В своих писаниях Пересветов неоднократно подчеркивает, что вельможи являются естественными противниками государя. Никаких конкретных претензий публицист предъявить не готов. По его мнению, бояре хотя и служат Царю, но недостаточно ретиво — «за веру христианскую не стоят». На примере византийской истории Иван Пересветов показывал, как корыстные вельможи «укротили» и «у хитри ли» благоверного царя Константина, которого они превратили в своего «раба». Пересветов приводит прямую аналогию между «укрощением» Константина и боярским самовольством в годы малолетства Ивана{36}.

Спустя пятнадцать лет зимой 1564 года Грозный припомнит обличительные пересветовские тирады. Отбыв из Москвы с многочисленной свитой, он неожиданно объявил о своем намерении оставить царство. Вскоре выяснились и причины этого удивительного решения. Оказывается, Грозный «опалу свою положилъ въ томъ, что после отца его блаженные памяти великого государя Василия… вь его государьские несвершеные лета бояре и все приказные люди его государьства людемъ многие убытки делали и казны его государьске тощили, а прибытковъ его казне государьской никоторой не прибавливали, также бояре его и воеводы земли его государьские себе розоимали, и… и собравъ себе великие богатства, и о государе и о его государьстве не хотят радети и о и оть недруговъ… обороняти… не хотя крестиянства обороняти… и в чем онъ, государь, похочеть которыхъ въ ихъ винахъ понаказати… и архиепископы и епископы и архимандриты и игумены, сложася з бояры и з дворяны и з дьяки и со всеми приказными людьми, почали по них же государю царю и великому князю покрывати…»{37}.

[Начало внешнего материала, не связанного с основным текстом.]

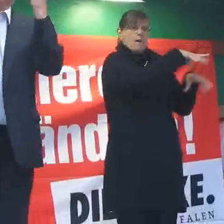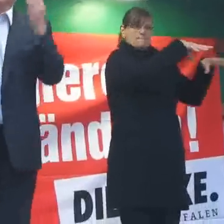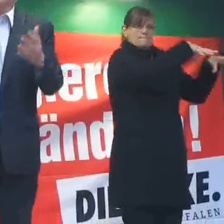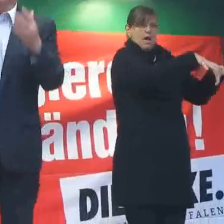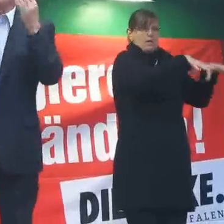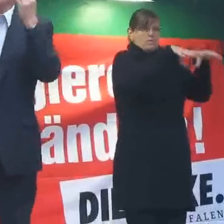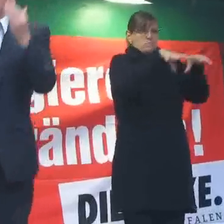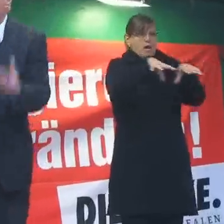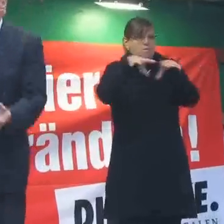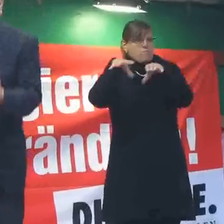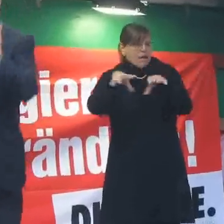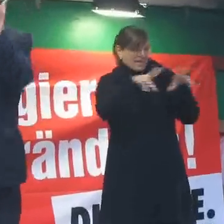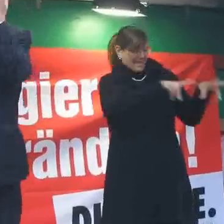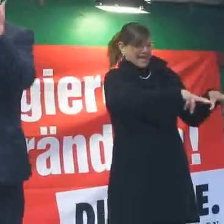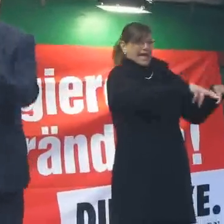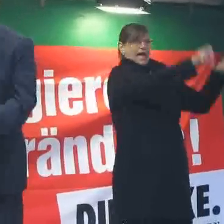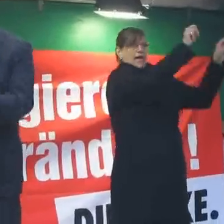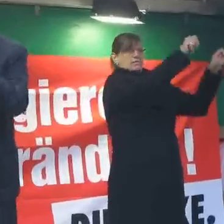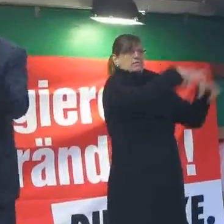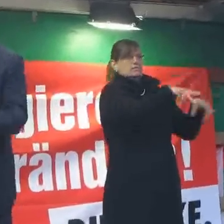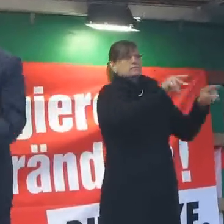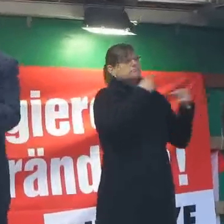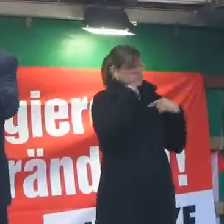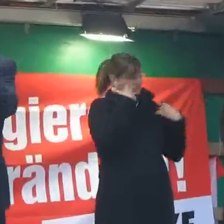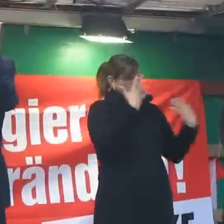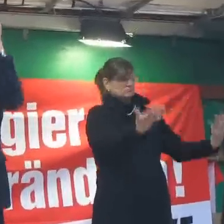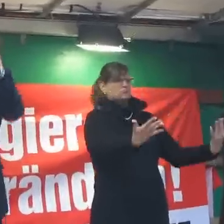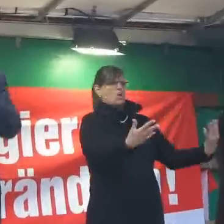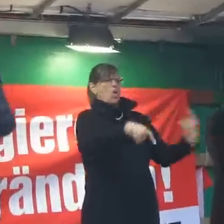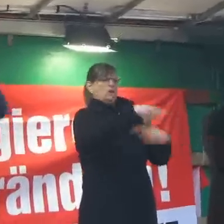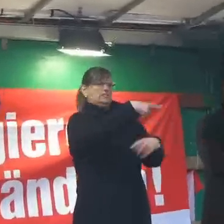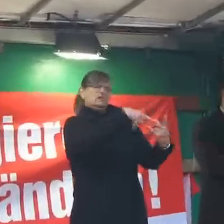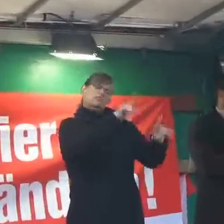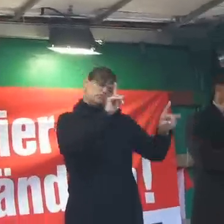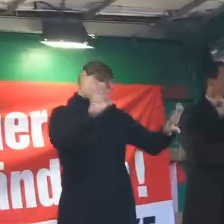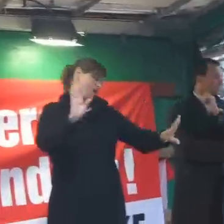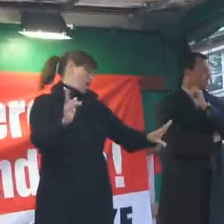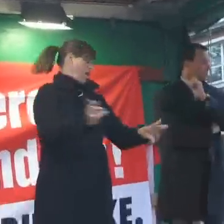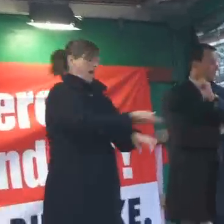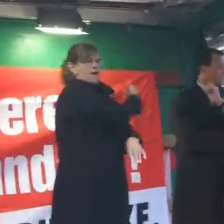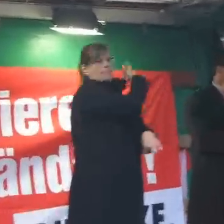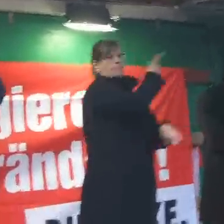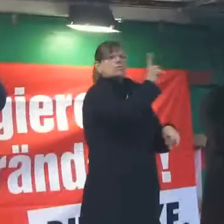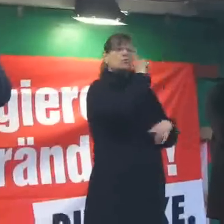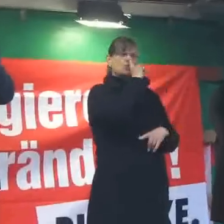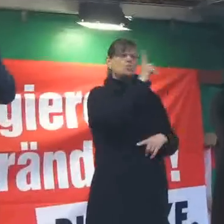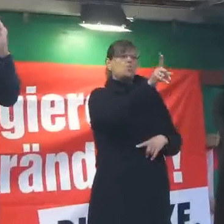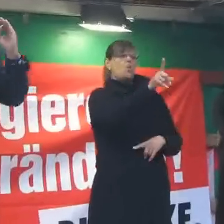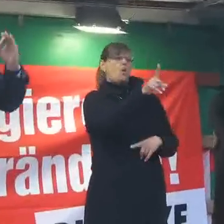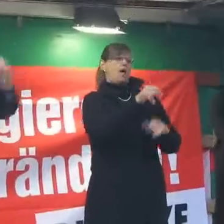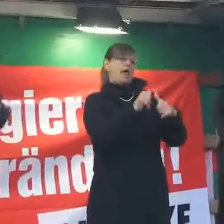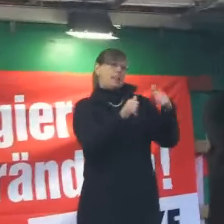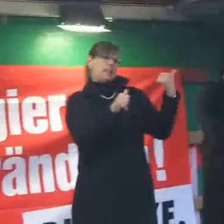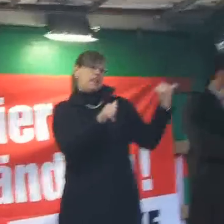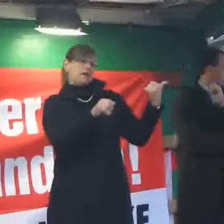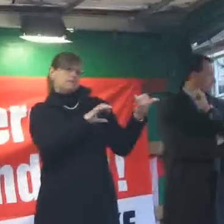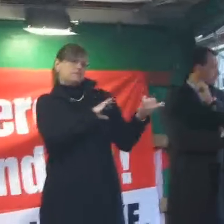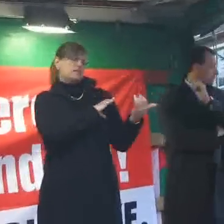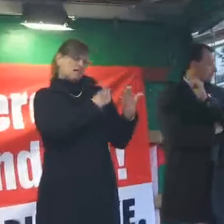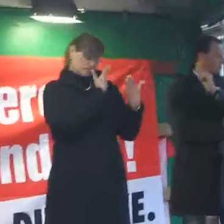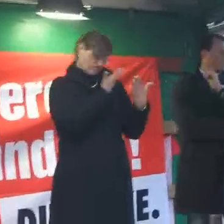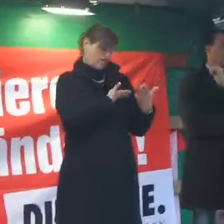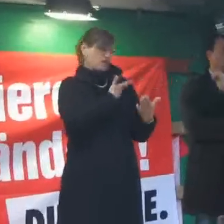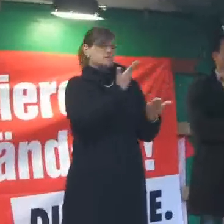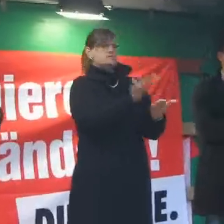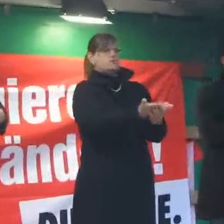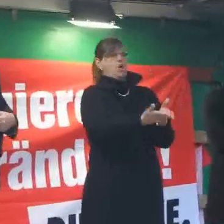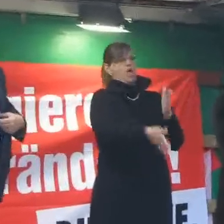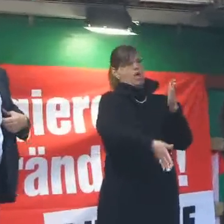Und dieser Zirkus muss endlich aufhören. Nur die Linke will, dass das aufhört.

Грозный одним махом обвинил все светские и церковные власти, весь государственный аппарат — от боярина до дьяка — во всех возможных тяжких преступлениях — от нерадивости, до казнокрадства и измены. При этом, правда, царь не привел ни одного конкретного примера, не назвал ни одного имени. Более того, преступления эти якобы имели место в годы несовершеннолетия Иоанна, то есть за 20–30 лет до описываемых событий. Когда Грозный получит неограниченные полномочия судить и миловать, он сразу позабудет про стародавние обиды. Никто из мнимых обидчиков не будет наказан, хотя именно на невозможность покарать преступников сетует он в своем обращении.

Перед лицом зреющего народного бунта и паралича государственного аппарата высшее духовенство и Боярская дума посчитали, что у них нет иного выхода, как полностью удовлетворить ультиматум Грозного. Они покорно согласились с тем, чтобы Иоанн «на государстве бы были своими бы государствы владел и правил, как ему, государю, годно». Но оказалось, что Иоанн не собирался удовлетвориться превращением из монарха, ограниченного традицией и правом, в тирана. Он задумал перевернуть всю Россию вверх дном: «учинити ему на своем государстве себе опришнину, двор ему себе и на весь свой обиход учинити особной, а бояр и околничих и дворецкого и казначеев и всяких приказных людей, да и дворян и детей боярских… учинить себе особно…»{38}.